Trying out this new app. Not sure it's as helpful as some say it is 


Sent from my iPhone using Tapatalk


----------



## browland (Apr 4, 2009)

When uploading pictures can you not
Choose from an existing library? 


Sent from my iPhone using Tapatalk


----------



## JLOWERY (Jan 30, 2010)

Yeah you can just go to the gallery option 

KAWI RULES


----------



## browland (Apr 4, 2009)

---
I am here: http://tapatalk.com/map.php?aup5od
Sent from my iPhone using Tapatalk


----------



## browland (Apr 4, 2009)

Ha! Thanks J


---
I am here: http://tapatalk.com/map.php?gcpn2k
Sent from my iPhone using Tapatalk


----------



## The Big Bad Wolf (Mar 8, 2011)

It loads threads up way faster which makes reading threads easier.
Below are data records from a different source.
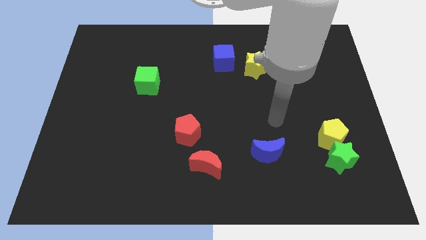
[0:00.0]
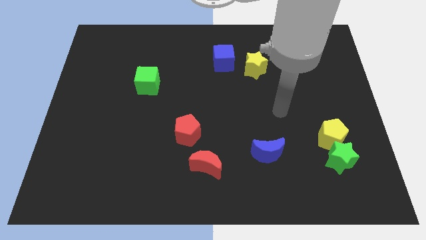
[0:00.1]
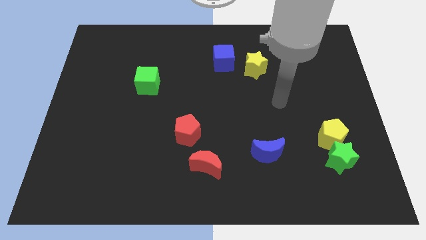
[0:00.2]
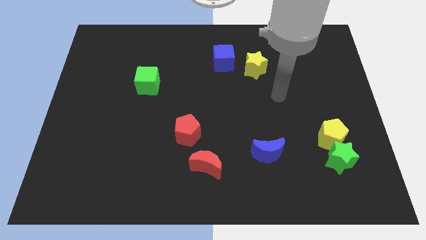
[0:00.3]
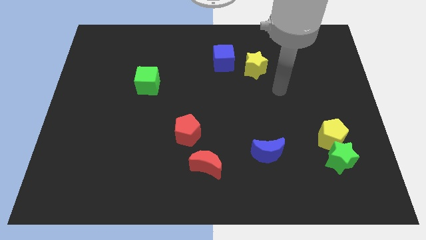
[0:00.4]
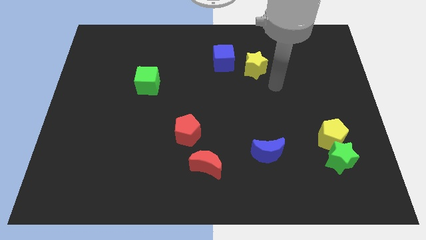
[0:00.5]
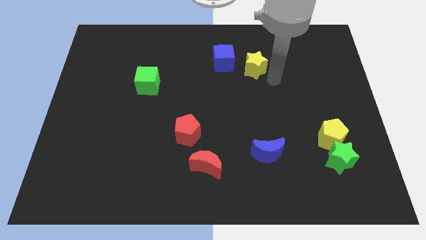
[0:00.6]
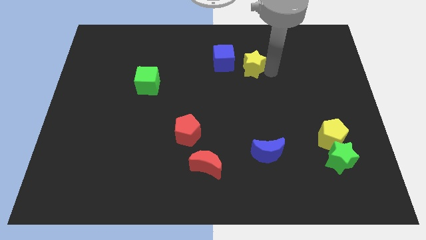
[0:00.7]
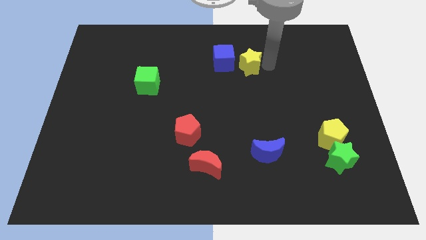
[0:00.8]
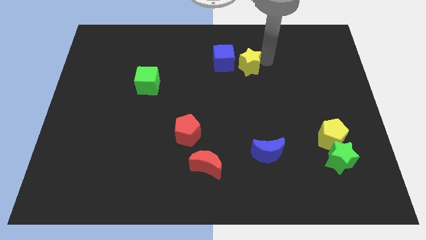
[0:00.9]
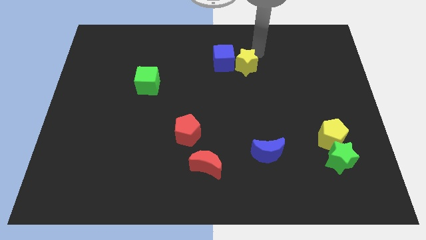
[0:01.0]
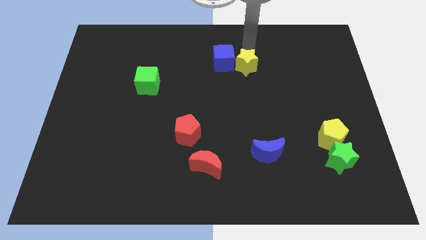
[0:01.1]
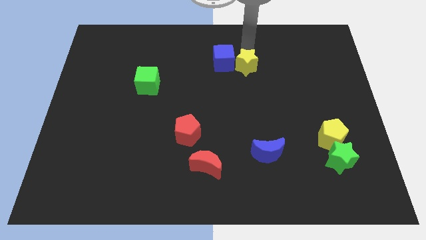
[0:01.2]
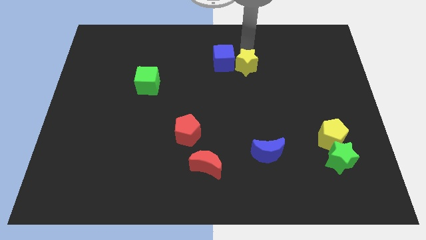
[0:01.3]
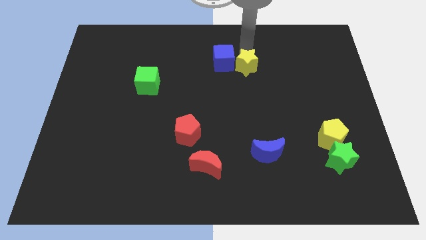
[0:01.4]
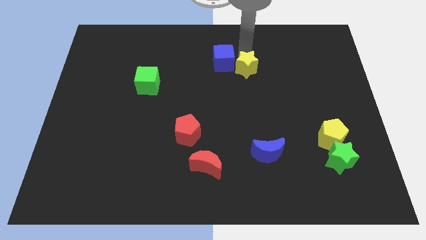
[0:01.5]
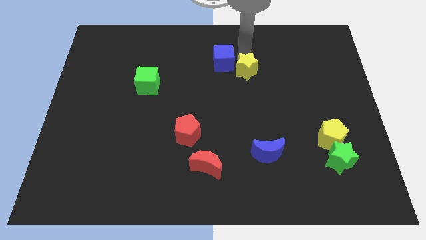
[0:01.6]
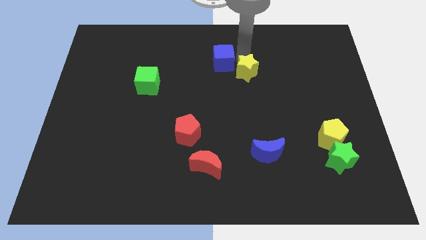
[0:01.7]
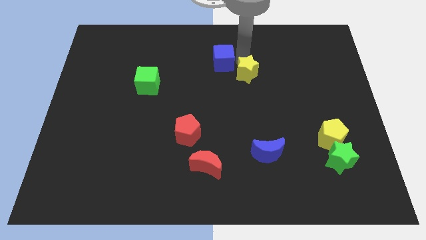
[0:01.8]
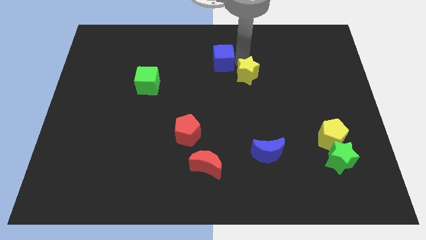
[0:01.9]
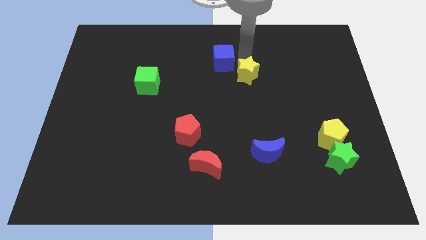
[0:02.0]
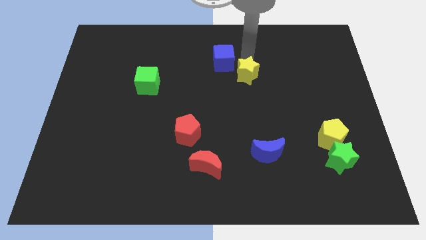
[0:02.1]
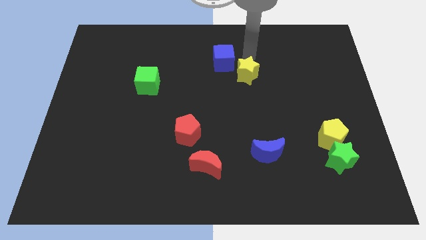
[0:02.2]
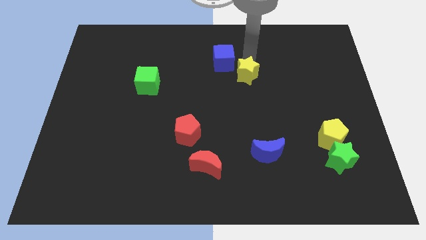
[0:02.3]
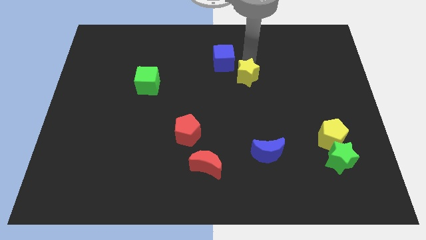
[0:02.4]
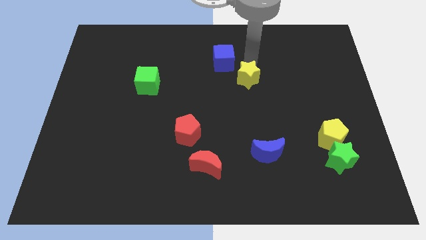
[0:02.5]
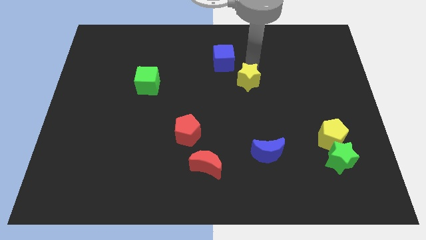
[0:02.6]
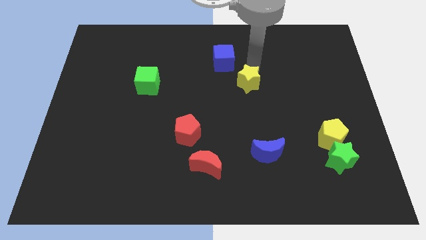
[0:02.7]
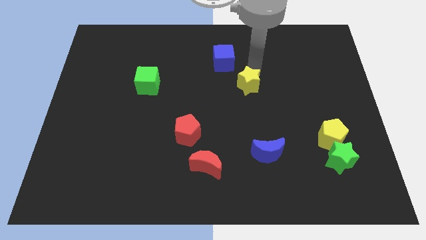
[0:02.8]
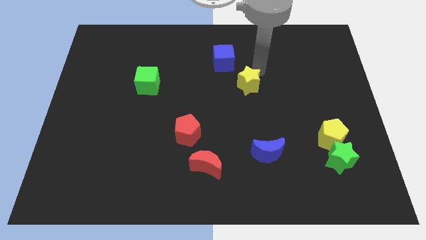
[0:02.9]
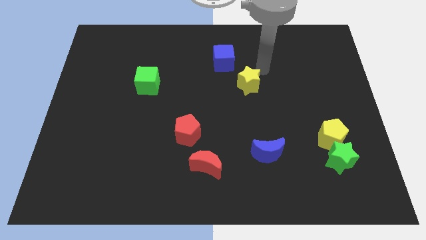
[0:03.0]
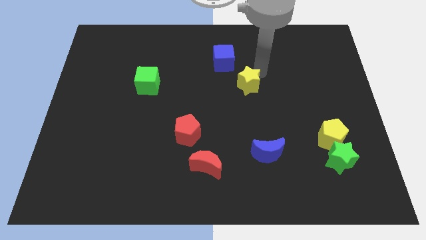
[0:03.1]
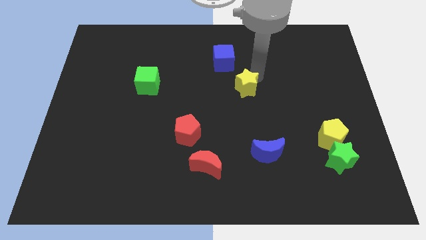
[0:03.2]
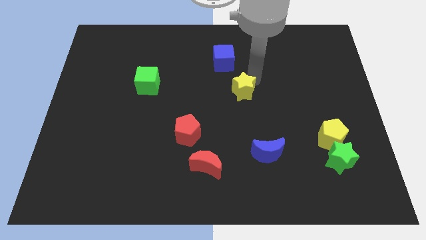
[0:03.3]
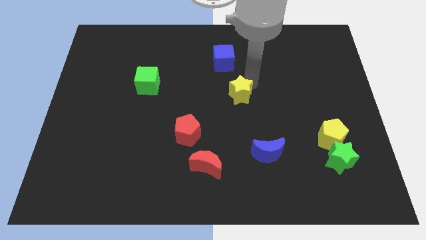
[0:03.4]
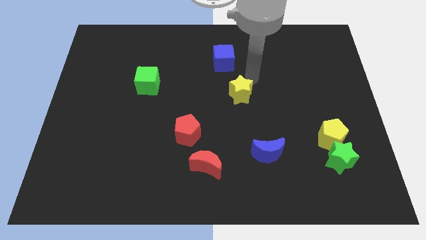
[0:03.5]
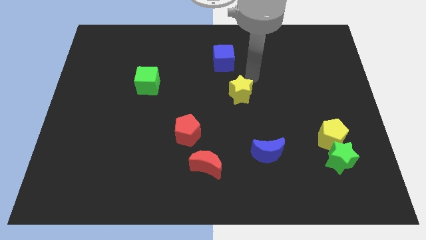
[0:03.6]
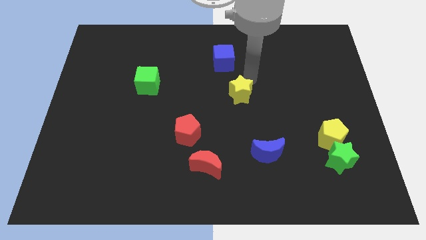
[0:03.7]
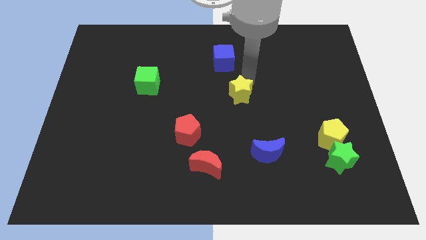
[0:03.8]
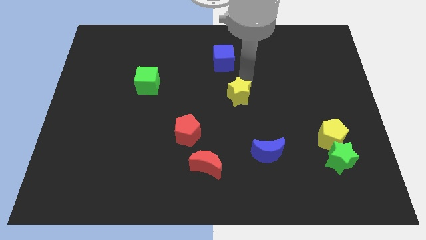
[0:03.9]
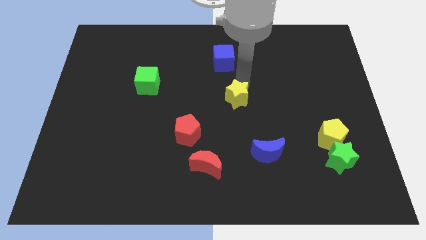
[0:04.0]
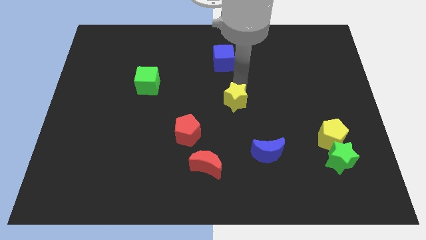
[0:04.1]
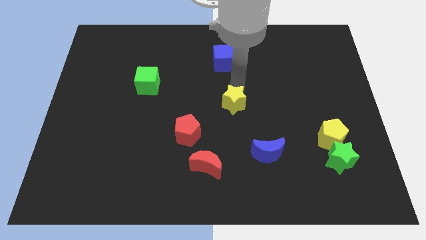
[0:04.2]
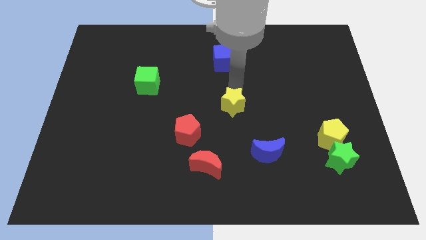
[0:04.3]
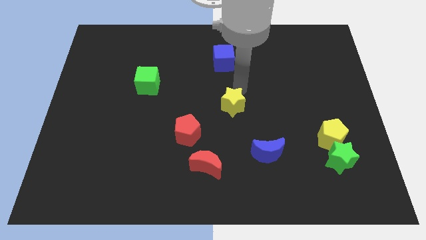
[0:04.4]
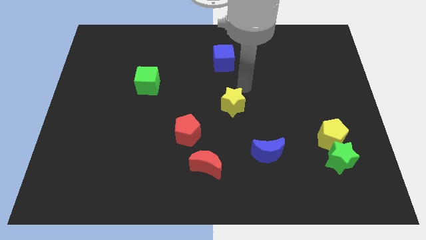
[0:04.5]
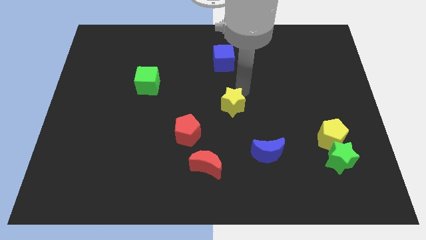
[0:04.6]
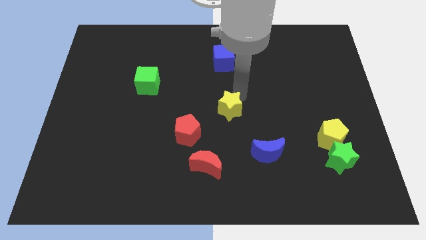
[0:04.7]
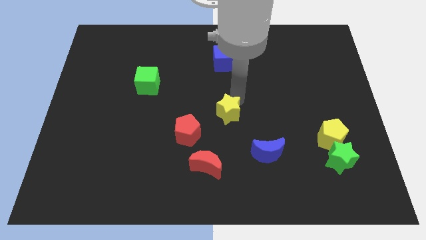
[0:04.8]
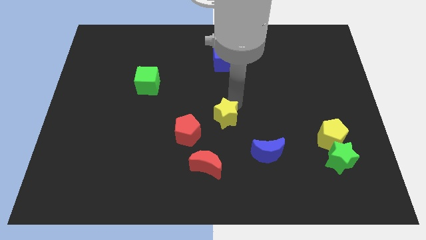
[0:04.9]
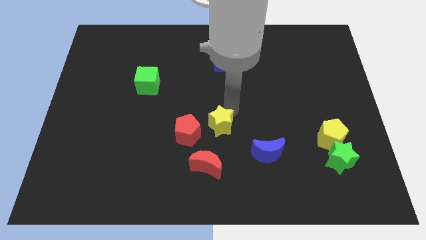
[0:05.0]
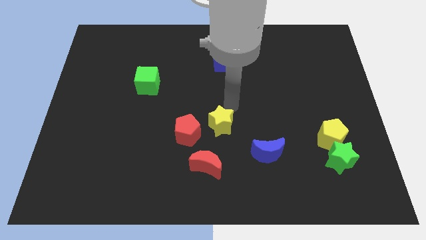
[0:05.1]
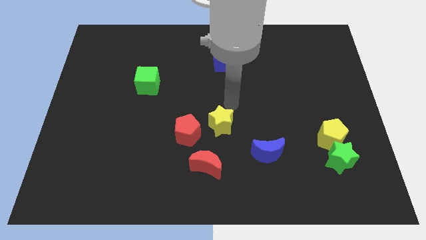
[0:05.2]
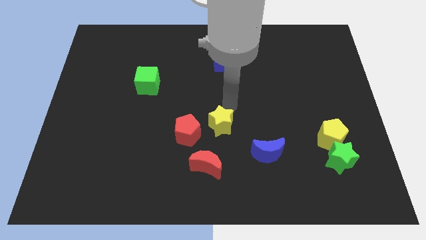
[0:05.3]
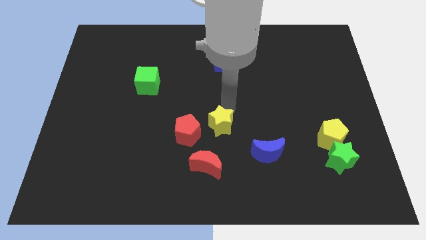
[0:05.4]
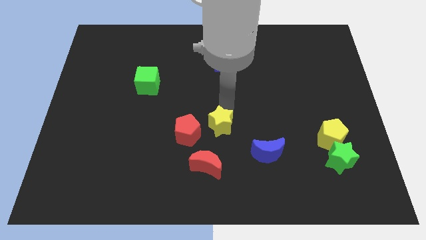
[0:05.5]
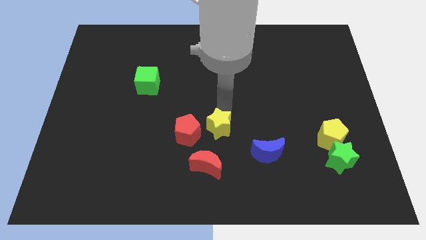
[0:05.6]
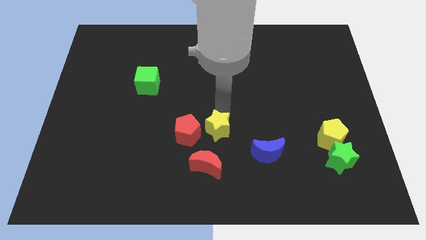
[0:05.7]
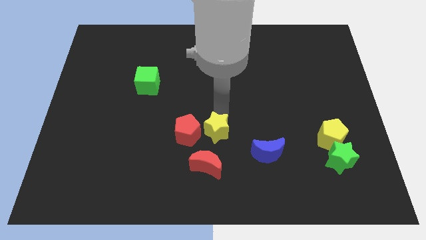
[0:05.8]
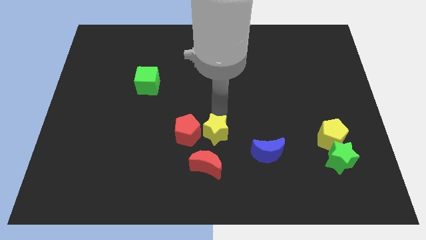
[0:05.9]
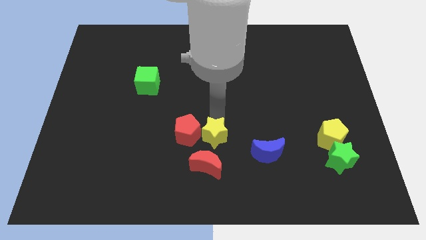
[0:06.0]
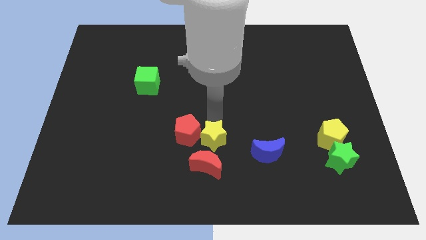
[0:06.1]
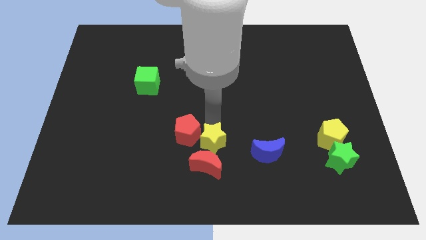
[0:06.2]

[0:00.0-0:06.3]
slide the yellow star next to the red moon

Getting pics is wAy easier too



Overtime!!!! 
Taking the world over one shift ata time
Sent from my iPhone using tapatalk


----------



## Polaris425 (Dec 16, 2004)

once you get used to it you will like it.


----------



## JLOWERY (Jan 30, 2010)

Its all I use I can't remember the last time I went to the regular site.

KAWI RULES


----------



## brutemike (Mar 23, 2010)

JLOWERY said:


> Its all I use I can't remember the last time I went to the regular site.
> 
> KAWI RULES


Same here :thumbup:

Should be working on it instead of talking about it..


----------



## phreebsd (Dec 16, 2004)

posting pics is super easy with tapatalk


----------